Dia tak berpikir jika Kim Hannah merencanakan apa yang terjadi hari ini. Agaknya sangat mungki,n jika Yun Seohui diganggu oleh keinginannya sendiri. Hasilnya tak terlalu buruk, tapi pertanyaan ‘mengapa dia memutuskan untuk muncul’ masih melekat di benaknya.
"Aku tak tahu."
Dia mungkin akan mencari tahu nanti.
Mengomel kata-kata untuk dirinya sendiri, Seol Jihu mengacak-acak rambutnya. Dia baru saja menyelesaikan tugas besar, jadi dia tak ingin terlalu memikirkan banyak hal. Seluruh tubuhnya terasa terkuras dan kakinya gemetar, tapi dia merasa benar-benar berbeda dari sebelumnya. Apakah dia merasa lebih ringan?
Buzz buzz!
Tiba-tiba teleponnya berdering. Dia buru-buru membuka layar, mengira itu adalah Kim Hannah, tapi itu adalah teks dari saudaranya. Teks itu mengatakan untuk pulang dengan selamat dan berusaha untuk tetap sehat.
Seol Jihu membuka dan menutup tangan kanannya dua kali sebelum menjawab teks dengan senyum di wajahnya. Lalu, dia berhenti di jalurnya dan memiringkan kepalanya. Melihat langit merah yang menyala saat matahari terbenam, perlahan membuat hatinya terasa santai.
'Hari ini…'
Dia tidak lari.
Dia telah menyampaikan pendiriannya dengan kemampuan terbaiknya. Hanya itu saja membuatnya merasa jika pertemuan hari ini tak terlalu buruk.
Itu tak sulit.

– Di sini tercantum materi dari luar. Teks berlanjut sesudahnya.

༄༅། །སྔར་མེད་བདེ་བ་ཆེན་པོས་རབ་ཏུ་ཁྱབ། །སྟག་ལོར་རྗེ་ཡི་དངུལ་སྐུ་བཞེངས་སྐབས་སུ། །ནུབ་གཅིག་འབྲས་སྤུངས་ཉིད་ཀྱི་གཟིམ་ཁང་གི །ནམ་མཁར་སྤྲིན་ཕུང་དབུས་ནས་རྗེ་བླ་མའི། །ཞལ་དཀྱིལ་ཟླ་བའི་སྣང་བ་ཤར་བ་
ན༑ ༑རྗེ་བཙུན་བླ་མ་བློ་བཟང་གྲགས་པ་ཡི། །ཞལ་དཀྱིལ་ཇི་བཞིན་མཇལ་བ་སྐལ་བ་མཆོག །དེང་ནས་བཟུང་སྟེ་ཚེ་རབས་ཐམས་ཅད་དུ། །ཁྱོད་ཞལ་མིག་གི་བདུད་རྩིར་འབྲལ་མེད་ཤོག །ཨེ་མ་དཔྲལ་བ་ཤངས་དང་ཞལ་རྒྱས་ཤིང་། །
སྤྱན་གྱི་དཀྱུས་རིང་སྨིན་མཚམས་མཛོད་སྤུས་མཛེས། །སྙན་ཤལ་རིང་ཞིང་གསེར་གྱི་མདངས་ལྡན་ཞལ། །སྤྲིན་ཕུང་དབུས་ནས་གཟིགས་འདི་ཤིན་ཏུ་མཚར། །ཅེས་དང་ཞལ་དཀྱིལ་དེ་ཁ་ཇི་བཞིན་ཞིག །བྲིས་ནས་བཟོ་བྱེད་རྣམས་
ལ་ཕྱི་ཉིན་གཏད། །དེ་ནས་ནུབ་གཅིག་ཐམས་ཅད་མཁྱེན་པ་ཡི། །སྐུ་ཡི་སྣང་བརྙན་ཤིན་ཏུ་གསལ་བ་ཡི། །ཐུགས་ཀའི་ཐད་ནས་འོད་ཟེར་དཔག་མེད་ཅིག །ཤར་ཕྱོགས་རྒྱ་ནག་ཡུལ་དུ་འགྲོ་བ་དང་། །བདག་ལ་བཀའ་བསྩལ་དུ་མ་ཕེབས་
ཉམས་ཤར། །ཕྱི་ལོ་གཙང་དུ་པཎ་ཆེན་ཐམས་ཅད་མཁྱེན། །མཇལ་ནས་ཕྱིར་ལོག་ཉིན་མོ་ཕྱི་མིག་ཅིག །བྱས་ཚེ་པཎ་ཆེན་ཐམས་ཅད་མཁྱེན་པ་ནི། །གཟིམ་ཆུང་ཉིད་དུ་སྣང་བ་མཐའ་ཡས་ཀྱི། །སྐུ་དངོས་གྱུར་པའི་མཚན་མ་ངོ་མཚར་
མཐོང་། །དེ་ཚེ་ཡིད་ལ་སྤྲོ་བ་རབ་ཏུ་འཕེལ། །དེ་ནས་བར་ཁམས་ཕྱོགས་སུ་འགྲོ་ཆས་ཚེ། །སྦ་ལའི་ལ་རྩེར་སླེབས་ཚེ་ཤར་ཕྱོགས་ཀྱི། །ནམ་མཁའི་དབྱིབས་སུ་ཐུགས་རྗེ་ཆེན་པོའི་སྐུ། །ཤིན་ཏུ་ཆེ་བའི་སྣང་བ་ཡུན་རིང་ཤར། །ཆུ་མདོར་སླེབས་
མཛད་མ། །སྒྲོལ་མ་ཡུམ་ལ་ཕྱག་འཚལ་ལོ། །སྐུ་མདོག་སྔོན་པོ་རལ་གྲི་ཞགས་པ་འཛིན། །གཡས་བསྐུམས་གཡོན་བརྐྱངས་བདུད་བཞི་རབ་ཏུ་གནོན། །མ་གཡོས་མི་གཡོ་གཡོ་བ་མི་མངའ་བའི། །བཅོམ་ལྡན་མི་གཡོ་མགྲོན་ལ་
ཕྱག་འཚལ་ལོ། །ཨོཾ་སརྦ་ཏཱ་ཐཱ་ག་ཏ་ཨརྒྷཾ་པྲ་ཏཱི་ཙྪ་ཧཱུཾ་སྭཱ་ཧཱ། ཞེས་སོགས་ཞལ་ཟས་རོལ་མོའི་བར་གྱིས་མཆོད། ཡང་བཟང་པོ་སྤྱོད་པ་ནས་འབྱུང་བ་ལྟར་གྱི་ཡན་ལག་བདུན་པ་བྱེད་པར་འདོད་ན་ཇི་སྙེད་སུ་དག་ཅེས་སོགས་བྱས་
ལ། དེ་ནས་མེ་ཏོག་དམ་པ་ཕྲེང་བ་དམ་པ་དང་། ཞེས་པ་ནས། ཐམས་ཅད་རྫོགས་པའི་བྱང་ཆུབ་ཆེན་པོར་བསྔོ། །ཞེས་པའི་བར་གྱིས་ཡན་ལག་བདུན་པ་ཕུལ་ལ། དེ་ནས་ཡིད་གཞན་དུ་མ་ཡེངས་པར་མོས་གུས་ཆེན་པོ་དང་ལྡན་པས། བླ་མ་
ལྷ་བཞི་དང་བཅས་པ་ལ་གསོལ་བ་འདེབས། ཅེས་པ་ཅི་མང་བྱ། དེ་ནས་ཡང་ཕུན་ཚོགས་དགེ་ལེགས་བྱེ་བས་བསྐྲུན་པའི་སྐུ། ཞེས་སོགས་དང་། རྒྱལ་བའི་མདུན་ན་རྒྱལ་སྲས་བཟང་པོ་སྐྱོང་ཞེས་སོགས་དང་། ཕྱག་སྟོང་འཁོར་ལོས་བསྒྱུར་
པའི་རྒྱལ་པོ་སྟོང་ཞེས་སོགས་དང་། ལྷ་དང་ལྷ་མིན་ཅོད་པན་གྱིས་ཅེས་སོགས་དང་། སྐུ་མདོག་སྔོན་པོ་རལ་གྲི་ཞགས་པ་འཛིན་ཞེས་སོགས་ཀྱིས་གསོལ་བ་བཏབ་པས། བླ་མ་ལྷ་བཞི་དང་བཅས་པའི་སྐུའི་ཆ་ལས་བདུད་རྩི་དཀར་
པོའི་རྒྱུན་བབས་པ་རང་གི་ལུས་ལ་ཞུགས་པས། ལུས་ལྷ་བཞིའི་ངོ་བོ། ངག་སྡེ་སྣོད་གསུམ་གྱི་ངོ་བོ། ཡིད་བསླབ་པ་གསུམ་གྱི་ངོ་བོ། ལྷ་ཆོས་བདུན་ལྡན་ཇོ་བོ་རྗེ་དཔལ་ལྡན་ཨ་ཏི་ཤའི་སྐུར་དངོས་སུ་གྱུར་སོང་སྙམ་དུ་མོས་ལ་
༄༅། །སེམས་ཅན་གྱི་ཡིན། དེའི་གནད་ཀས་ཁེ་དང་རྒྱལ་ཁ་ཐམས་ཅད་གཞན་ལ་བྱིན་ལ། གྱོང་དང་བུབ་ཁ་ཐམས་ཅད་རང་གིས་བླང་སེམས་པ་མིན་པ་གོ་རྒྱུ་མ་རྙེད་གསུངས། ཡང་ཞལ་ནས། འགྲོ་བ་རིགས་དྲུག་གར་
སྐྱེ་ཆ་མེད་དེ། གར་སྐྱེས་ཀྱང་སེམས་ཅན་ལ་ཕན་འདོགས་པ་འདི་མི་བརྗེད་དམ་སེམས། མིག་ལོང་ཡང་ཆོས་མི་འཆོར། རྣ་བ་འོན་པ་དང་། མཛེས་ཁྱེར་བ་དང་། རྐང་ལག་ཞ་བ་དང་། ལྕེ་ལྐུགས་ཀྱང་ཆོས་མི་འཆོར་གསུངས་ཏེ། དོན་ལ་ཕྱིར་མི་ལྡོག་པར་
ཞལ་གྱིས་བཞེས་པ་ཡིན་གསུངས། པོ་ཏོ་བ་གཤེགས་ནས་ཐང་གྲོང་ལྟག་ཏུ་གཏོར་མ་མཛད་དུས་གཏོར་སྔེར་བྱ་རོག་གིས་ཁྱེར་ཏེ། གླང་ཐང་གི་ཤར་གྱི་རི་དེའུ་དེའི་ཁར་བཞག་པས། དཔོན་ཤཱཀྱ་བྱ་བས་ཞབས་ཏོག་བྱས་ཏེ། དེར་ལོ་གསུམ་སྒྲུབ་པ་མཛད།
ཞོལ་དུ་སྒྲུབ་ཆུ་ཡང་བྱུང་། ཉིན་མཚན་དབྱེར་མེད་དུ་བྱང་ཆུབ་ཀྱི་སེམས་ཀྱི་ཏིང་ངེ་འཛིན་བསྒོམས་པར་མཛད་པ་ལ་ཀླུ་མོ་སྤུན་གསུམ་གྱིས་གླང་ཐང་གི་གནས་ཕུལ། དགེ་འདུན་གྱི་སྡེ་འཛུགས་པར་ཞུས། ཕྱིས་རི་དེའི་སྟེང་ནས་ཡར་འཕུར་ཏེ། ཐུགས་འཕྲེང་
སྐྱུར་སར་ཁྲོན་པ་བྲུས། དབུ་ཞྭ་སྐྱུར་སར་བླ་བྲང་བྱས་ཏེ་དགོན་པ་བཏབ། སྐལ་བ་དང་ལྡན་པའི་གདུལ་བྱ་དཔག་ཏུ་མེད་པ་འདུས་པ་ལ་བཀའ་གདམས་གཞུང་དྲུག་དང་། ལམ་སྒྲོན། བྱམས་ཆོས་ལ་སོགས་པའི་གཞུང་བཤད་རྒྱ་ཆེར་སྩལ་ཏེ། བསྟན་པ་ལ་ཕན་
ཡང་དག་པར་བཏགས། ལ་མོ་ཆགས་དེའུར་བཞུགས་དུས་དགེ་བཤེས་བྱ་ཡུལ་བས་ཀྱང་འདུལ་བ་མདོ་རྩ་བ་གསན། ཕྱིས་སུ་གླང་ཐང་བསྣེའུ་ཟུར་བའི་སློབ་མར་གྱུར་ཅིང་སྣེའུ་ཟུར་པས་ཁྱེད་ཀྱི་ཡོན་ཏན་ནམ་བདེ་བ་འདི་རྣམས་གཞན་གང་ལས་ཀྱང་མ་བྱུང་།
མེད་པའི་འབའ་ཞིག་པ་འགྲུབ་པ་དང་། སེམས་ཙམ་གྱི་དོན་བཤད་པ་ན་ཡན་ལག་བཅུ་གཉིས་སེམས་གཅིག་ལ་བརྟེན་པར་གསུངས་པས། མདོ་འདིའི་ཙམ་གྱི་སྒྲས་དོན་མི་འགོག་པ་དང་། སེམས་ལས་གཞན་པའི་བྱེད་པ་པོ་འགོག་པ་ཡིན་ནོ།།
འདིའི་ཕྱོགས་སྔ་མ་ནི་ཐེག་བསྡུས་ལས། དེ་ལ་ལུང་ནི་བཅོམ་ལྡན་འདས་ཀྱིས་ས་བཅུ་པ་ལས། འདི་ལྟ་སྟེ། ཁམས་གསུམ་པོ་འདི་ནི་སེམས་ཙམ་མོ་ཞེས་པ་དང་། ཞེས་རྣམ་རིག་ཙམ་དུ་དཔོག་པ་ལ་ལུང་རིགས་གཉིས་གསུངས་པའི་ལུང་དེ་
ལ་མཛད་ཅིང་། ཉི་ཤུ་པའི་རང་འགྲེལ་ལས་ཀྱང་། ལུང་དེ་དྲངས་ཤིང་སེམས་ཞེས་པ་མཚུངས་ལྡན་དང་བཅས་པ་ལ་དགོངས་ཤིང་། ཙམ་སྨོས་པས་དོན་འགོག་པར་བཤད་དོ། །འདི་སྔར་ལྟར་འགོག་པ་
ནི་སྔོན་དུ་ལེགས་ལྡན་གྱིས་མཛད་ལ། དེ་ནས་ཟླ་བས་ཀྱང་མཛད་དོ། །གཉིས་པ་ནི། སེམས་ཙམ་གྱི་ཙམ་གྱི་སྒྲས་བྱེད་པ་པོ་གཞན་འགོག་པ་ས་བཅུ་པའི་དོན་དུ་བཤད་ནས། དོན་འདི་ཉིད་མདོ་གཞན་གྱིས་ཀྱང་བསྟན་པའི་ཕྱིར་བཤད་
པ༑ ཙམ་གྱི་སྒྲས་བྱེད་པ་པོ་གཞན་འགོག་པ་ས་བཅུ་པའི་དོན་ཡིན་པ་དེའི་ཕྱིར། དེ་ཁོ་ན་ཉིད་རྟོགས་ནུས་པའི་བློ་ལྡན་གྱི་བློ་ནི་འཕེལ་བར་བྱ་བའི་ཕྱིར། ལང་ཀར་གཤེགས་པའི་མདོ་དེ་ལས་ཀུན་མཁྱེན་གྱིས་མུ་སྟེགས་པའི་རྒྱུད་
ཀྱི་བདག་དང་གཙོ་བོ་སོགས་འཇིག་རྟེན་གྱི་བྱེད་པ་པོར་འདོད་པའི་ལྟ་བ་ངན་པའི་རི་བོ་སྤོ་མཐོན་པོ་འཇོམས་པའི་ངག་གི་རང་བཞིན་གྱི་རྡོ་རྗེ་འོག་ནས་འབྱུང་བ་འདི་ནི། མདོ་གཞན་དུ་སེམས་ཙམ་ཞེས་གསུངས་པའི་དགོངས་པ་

Jadi mengapa dia menghindarinya sejauh ini?
Sesaat kemudian.
Seol Jihu dengan berani melangkah maju, merasakan angin lembut menyapu tubuhnya.
Akhirnya, rasanya seperti kembali ke Bumi.
***

Setelah menyelesaikan masalahnya dengan keluarganya, Seol Jihu menghabiskan hari-harinya dengan produktif. Jika ada satu hal yang membuatnya khawatir, itu adalah fakta jika Kim Hannah tak dapat dihubungi. Tapi, dia mengatakannya sendiri, jika dia akan sibuk. Dan ada juga kemungkinan, jika dia sudah memasuki Paradise. Jadi, dia memutuskan untuk menunggu.
Selain itu, dia memiliki banyak hal yang harus dipikirkan tentang stats tubuhnya dan harus merencanakan arah pertumbuhannya di masa depan. Tapi ini tak berarti, dia bersembunyi di kamarnya di depan laptopnya.
Jika dia membutuhkan perubahan suasana hati, dia akan pergi berjalan-jalan atau membeli barang untuk dibawa ke Paradise. Suatu hari, dia menghabiskan sepanjang hari hanya untuk membeli hadiah untuk orang-orang. Dia telah mendengar, jika beberapa orang telah mengedepankan upaya luar biasa untuk menyelamatkan hidupnya. Dan rasanya tak benar, hanya menunjukkan rasa terima kasihnya dengan kata-kata saja.
Dan ketika dia bosan, dia bermain-main dengan Phi Sora.
[Permisi. Apakah ini telepon Seol Jihu? Jika ya, balas kembali.]
Omong-omong, dia lupa membalas.
Seol Jihu hendak menjawab, "Siapa ini?", Sebelum berpikir itu terlalu hambar dan menulis teks baru.
[Apakah ini kamu, Soojung?]
[…?]
[Jadi itu Soojung! Soojung, ini aku, Oppa. Anda akhirnya memutuskan untuk menghubungiku?]
[Aku bukan Soojung. Aku yakin saya salah nomor. Maaf.]
Dan Phi Sora berhenti mengirim pesan kepadanya sejak saat itu. Dia tak menjawab tidak peduli berapa banyak teks yang dikirim Seol Jihu kepadanya.
'Kamu akan mengabaikanku, ya.'
Bibir Seol Jihu meringkuk menjadi seringai.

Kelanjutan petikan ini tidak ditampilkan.